Christopher Mitchell: Right. There was a discussion, I think entirely reasonable, within Oregon, if I remember correctly — boy, sometimes I just think, wow, someone who actually really knows what's going on in Oregon really closely might think, "You don't know what you're talking about, Chris." I'm sure that's not the first time someone's had that thought. But in Oregon, if I remember correctly, maybe the governor, maybe others in the state legislature recognized that the state spends a lot of money on broadband-related services and that if the state was to build its own network and make it open, they could encourage more middle mile access to be able to make it easier to get across the state. So if you're in a rural area, lower your operating costs but also lower the capital costs of connecting to the wider Internet. Some of the rural and independent providers that are providing those services today were really upset at that and pushed against it, and that may have resulted in legislation that the state decided not to do it or maybe to bind the hands in the future of doing it. But I don't think that's a restriction of localities from being able to move forward, and I certainly don't see the communities — you know, if you look at the municipal broadband movement in Portland, in Multnomah County more broadly, people that are working toward this in the areas surrounding the Portland metro, they don't seem to think that there's a restriction in the state from these kinds of networks.
Jess Del Fiacco: Iowa has, I think, a similar situation to Colorado where municipalities have to hold a referendum before they can start building.
Christopher Mitchell: That's right. And this was one of the areas in which I've always been a little bit annoyed at my lack of intellectual consistency in that we considered a referendum for 50% in Colorado to be a barrier, but not in Iowa.
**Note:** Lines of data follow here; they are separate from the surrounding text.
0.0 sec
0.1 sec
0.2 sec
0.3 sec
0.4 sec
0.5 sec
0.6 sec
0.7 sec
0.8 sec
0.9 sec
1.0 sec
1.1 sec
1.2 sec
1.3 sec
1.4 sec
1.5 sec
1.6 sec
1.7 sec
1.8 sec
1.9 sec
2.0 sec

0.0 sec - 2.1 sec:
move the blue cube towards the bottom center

And in part that was, again, Jim Baller and I talking about this over the years. We've long agreed that in Iowa there was an established process that it seemed cities were able to navigate, and it was hard to say that it was a significant discouragement because so many municipalities had moved forward. There's a lot of municipal networks in Iowa, so we had not listed Iowa as having a barrier previously because of that reasoning. And we continue to believe that it's not really a barrier in the same way that in Minnesota where you're effectively required to have a super majority vote or, you know, a state like North Carolina where you just can't do it. And so, we felt that Iowa's restrictions, though I think counterproductive for encouraging investment and competition, just don't rise to the level of being a barrier that we should be too worried about.
Jess Del Fiacco: And then one last one here.
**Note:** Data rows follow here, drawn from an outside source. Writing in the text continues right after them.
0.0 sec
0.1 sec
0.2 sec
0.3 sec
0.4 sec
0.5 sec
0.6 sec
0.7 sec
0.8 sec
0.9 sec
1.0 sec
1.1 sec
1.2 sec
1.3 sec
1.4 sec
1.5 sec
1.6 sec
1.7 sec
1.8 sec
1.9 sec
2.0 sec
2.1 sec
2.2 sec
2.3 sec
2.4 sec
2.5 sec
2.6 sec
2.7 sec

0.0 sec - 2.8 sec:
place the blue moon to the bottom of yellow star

Christopher Mitchell: Oh man, I was hoping we could do this all day.
Jess Del Fiacco: Connecticut, where local governments can't access space on utility poles for free. Correct?
Christopher Mitchell: Right. So, you know, Connecticut had this thing, and this is a really wonderful deep story that I don't remember if we've captured on this podcast or not before. I think we may have. But Senator Beth Bye in Connecticut, state senator, had changed the Connecticut law because previously Connecticut municipalities had what's called the free gain, which was that they could have a position on the telephone utility pole in which they could attach their own wires for public safety purposes and they did not have to pay for that. And she changed the law or she led an effort to change the law that said "for any purpose," so that municipalities could build a network and use this free spot on the pole. Now I should just pause for a second to note that Steve Ross and others from Broadband Bommunities would argue that this is not good policy, that in fact you shouldn't give away free space on utility poles, so I'll just note that for a second. But nonetheless, the law is pretty clear in Connecticut that the city should get a free space. The Connecticut state regulatory authority, PURA, the Public Utility Regulatory Agency, I'm guessing, or Authority.
Jess Del Fiacco: Sounds right.
Christopher Mitchell: Yeah. They decided they didn't much like the law and they read it to say that cities did not get a free space for any reason, and that is an ongoing matter of dispute. It just so happens that Comcast is very close with the governor of Connecticut and is very powerful. Frontier is headquartered in Connecticut, for reasons beyond me. For some reason, people in the state government of Connecticut think that it's important to keep Frontier happy as they refuse to invest in the state of Connecticut. But so, there's an ongoing argument as to whether or not this law should be followed by the people who are required to uphold the laws of Connecticut. But nonetheless, if a Connecticut municipality wants to pay to be on the pole, I think that would follow the same processes. And so therefore, it's just not a barrier against municipal networks in a way that I feel like is relevant now. You know, if you go back and look at this list from BroadbandNow and you just think of it as 26 states that are generally bending over backwards to make life a little bit harder for municipal networks in favor of the companies that spend a lot of money lobbying them, well I think I wouldn't dispute much of that list. Although I think it's 25 because again California was on their list. And they have corrected their report to note that that law is not in effect, but the number 26 just keeps still popping up.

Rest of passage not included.